-------- The records --------
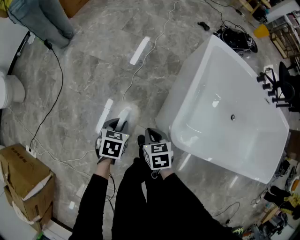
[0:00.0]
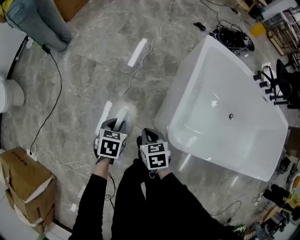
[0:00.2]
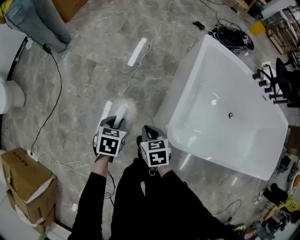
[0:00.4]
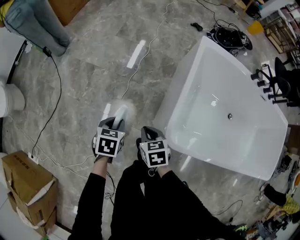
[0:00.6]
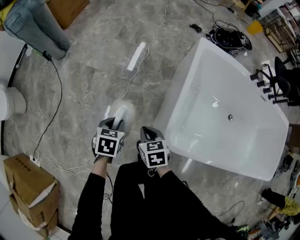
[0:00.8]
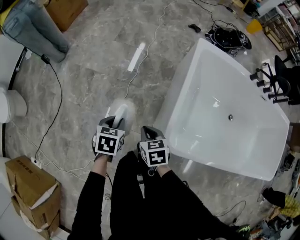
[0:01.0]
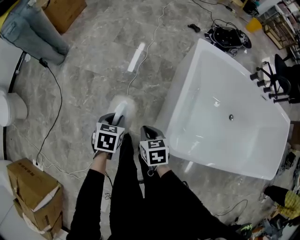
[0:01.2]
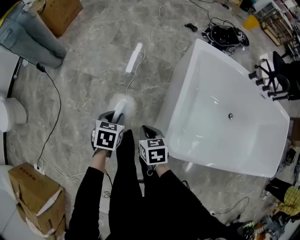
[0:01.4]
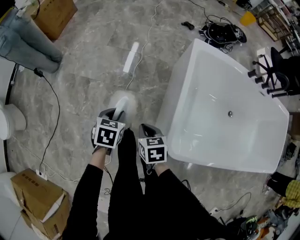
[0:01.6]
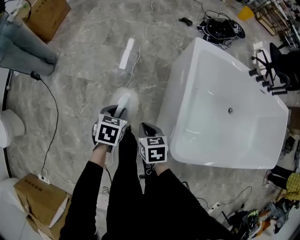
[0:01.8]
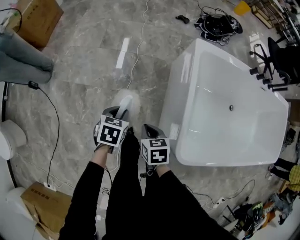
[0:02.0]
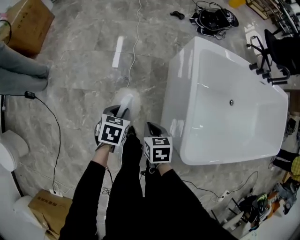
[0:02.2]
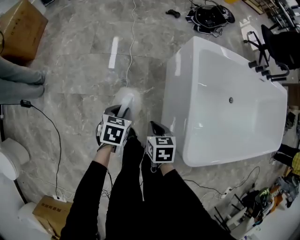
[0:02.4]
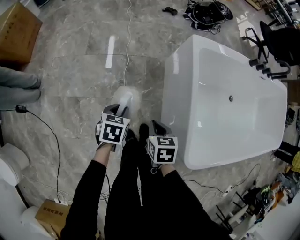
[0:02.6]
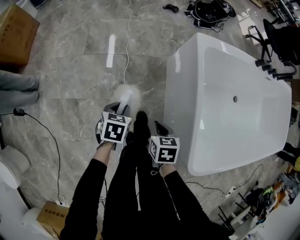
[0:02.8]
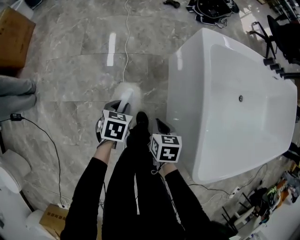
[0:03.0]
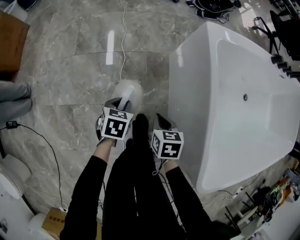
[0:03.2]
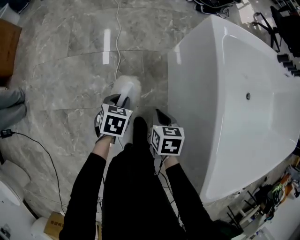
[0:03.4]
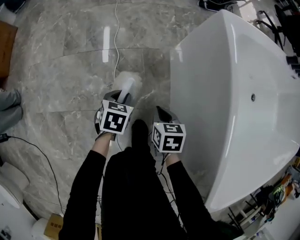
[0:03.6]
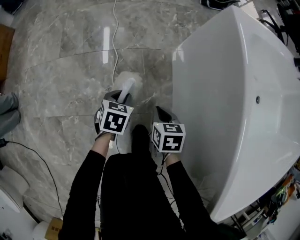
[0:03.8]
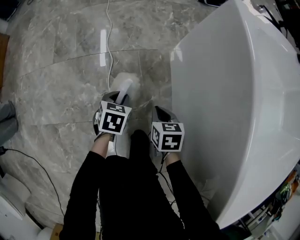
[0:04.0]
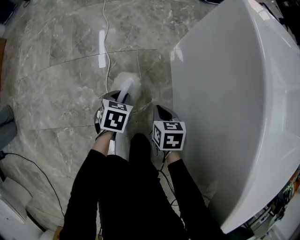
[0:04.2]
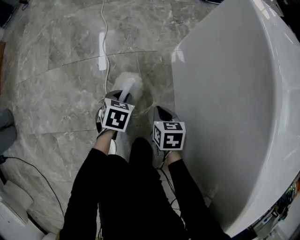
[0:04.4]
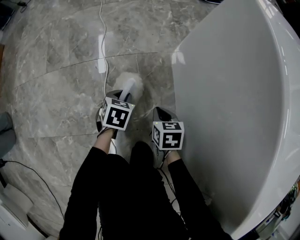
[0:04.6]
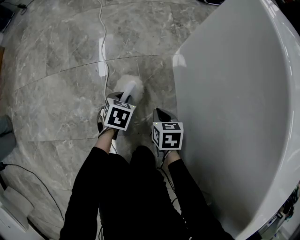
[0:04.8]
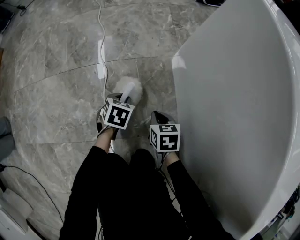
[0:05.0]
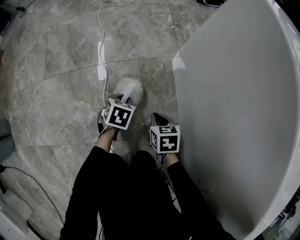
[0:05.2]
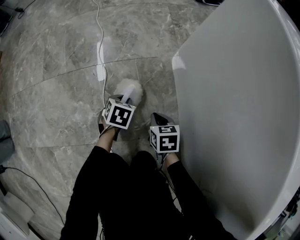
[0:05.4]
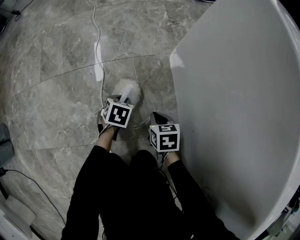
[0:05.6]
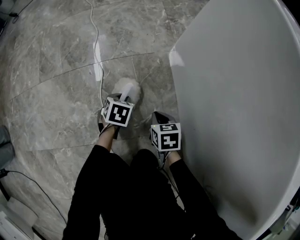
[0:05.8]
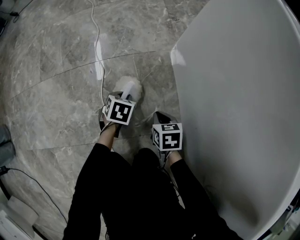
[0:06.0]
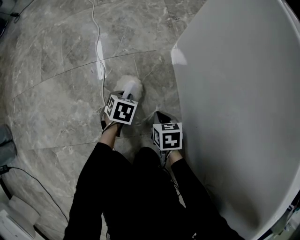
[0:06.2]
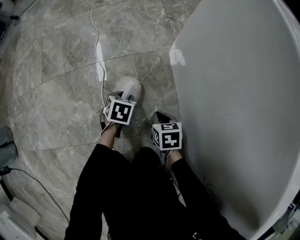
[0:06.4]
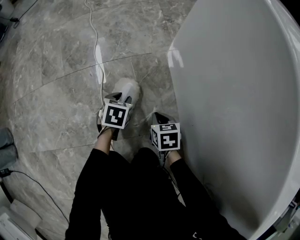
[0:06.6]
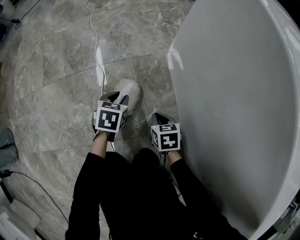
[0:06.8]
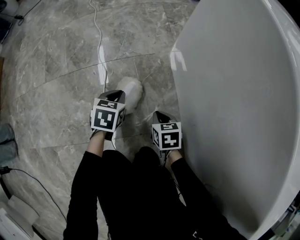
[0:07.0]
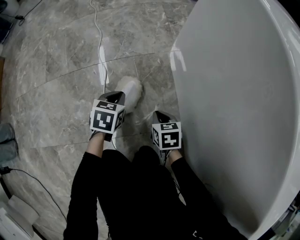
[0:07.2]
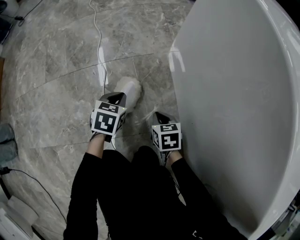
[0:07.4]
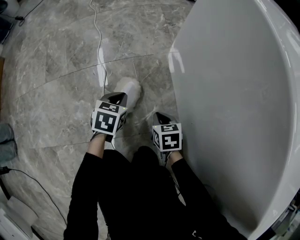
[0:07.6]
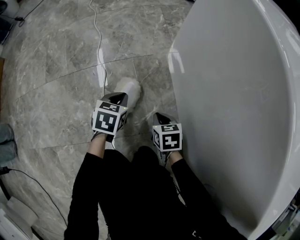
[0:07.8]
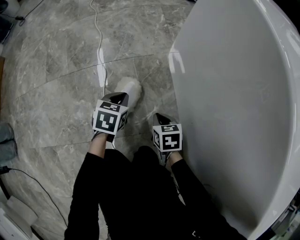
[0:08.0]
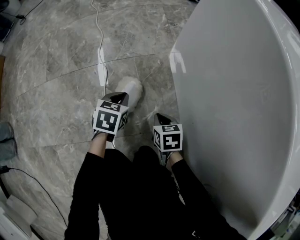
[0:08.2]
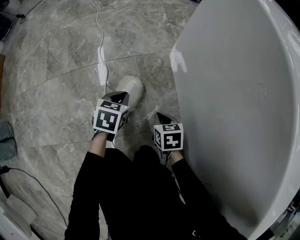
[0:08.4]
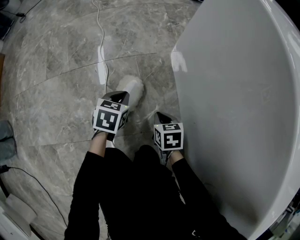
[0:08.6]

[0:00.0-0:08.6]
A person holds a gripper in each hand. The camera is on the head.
0:00.0 to 0:01.4: Both grippers travel together forward, about 10 cm.
0:01.4 to 0:02.8: The right gripper ends up some 20 cm from where it was, and rotates some 30 degrees. The left gripper changes place by some 25 cm.
0:02.8 to 0:04.4: Both grippers travel together downward and forward, some 40 cm.
0:04.4 to 0:05.8: The two grippers go about 10 cm downward.
0:05.8 to 0:07.2: The left gripper travels upward by about 10 cm.
0:07.2 to 0:08.6: The grippers move only a little.
--------
Task goal → Quote each line of the listing exactly, but leave the pictures out.

Exercise output →
[0:00.0]
[0:00.2]
[0:00.4]
[0:00.6]
[0:00.8]
[0:01.0]
[0:01.2]
[0:01.4]
[0:01.6]
[0:01.8]
[0:02.0]
[0:02.2]
[0:02.4]
[0:02.6]
[0:02.8]
[0:03.0]
[0:03.2]
[0:03.4]
[0:03.6]
[0:03.8]
[0:04.0]
[0:04.2]
[0:04.4]
[0:04.6]
[0:04.8]
[0:05.0]
[0:05.2]
[0:05.4]
[0:05.6]
[0:05.8]
[0:06.0]
[0:06.2]
[0:06.4]
[0:06.6]
[0:06.8]
[0:07.0]
[0:07.2]
[0:07.4]
[0:07.6]
[0:07.8]
[0:08.0]
[0:08.2]
[0:08.4]
[0:08.6]

[0:00.0-0:08.6]
A person holds a gripper in each hand. The camera is on the head.
0:00.0 to 0:01.4: Both grippers travel together forward, about 10 cm.
0:01.4 to 0:02.8: The right gripper ends up some 20 cm from where it was, and rotates some 30 degrees. The left gripper changes place by some 25 cm.
0:02.8 to 0:04.4: Both grippers travel together downward and forward, some 40 cm.
0:04.4 to 0:05.8: The two grippers go about 10 cm downward.
0:05.8 to 0:07.2: The left gripper travels upward by about 10 cm.
0:07.2 to 0:08.6: The grippers move only a little.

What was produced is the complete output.